Before starting the measurements, the calorimeter is evacuated to Pa, creates a thermal equilibrium, and is calibrated by the usual standard method. After calibration, the measuring cells are in thermal equilibrium. At a temperature T, the system for regulating the temperature of the screens, in which the measuring ones-1 are enclosed, is automatically maintained in adiabatic conditions during the whole process. Then, identical thermal pulses of energy are supplied and the resulting temperature difference between the cells is continuously recorded, using which then the amount of heat iQ is calculated, transferred from one cell to another during heating before the calorimeter transitions to a new equilibrium state with temperature Tj. Then by the above formula

determine the difference between the heat capacities of the sample and the reference.
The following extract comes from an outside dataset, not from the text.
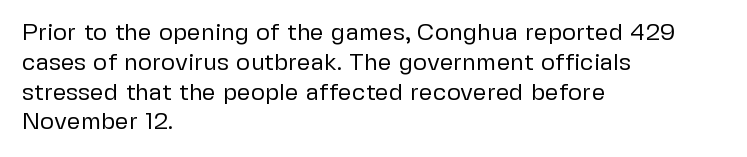
If you drew a line through each stem, it would be perfectly vertical. Tracking value appears to be zero — textbook default spacing. The rag falls on the right side of this text block. The face looks like a standard text weight, possibly lighter. The string is rendered with underlining switched off.
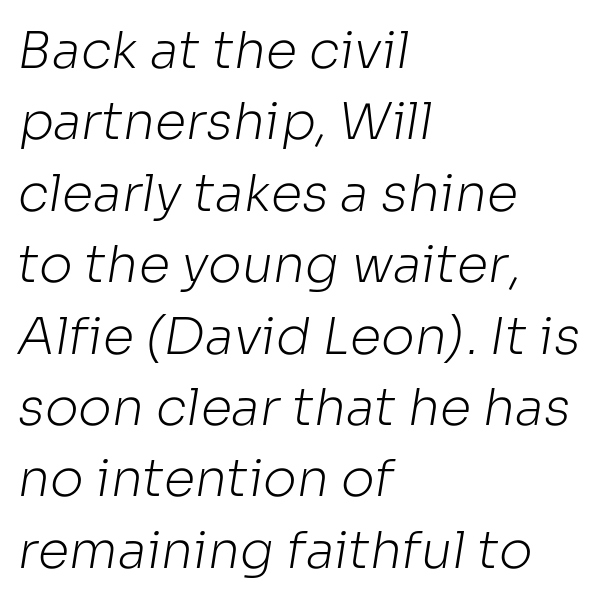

Experimental studies of the temperature dependence of the differences of heat capacities in the superconducting transition region to the high-temperature temperature of the superconductor Y (T.-90 K) showed that C can be determined with an accuracy of 0.1%. In addition, the method makes it possible to carry out precision measurements of a small difference between the heat capacities of the sample under investigation relative to the standard and the absolute heat capacity of small masses (starting from 0.07 g) in a wide range of temperatures,

Ula Invention Form

The method for determining the difference between the heat capacities of the test sample and the standard, which consists in that a tagg pulse is applied to the cells with the reference and the test sample in equilibrium, the temperature difference between the test sample and the test sample is established until the equilibrium state is established at high temperature, which is used to determine the desired difference in heat capacity of the sample under investigation and this, which is characterized in that, in order to increase the accuracy of measurement of the difference in heat capacities, The sample and the reference, as well as the ability to measure the absolute heat capacity of small masses of samples with low thermal conductivity, simultaneously deliver different measured heat pulses to both cells, and the difference between the heat capacities of the test sample and the reference is determined by the amount of heat transferred from one cell to another during transition of the system from one equilibrium state to another.

Claims (1)

The invention relates to thermodynamics and can be used in various fields of physics for differential measurements of heat capacity, for example, in solid-state physics, biophysics, etc., and allows to increase the accuracy of measuring the difference specific heat The invention relates to thermodynamics and can be used in various fields of physics for differential calorimetric measurements of heat capacity, for example, in solid state physics, biophysics, etc. The purpose of the invention - ¹ increase the accuracy in the determination of the difference of the specific heats of the test sample and the standard, as well as providing the ability to measure absolute small mass of heat capacity of samples with low thermal conductivity.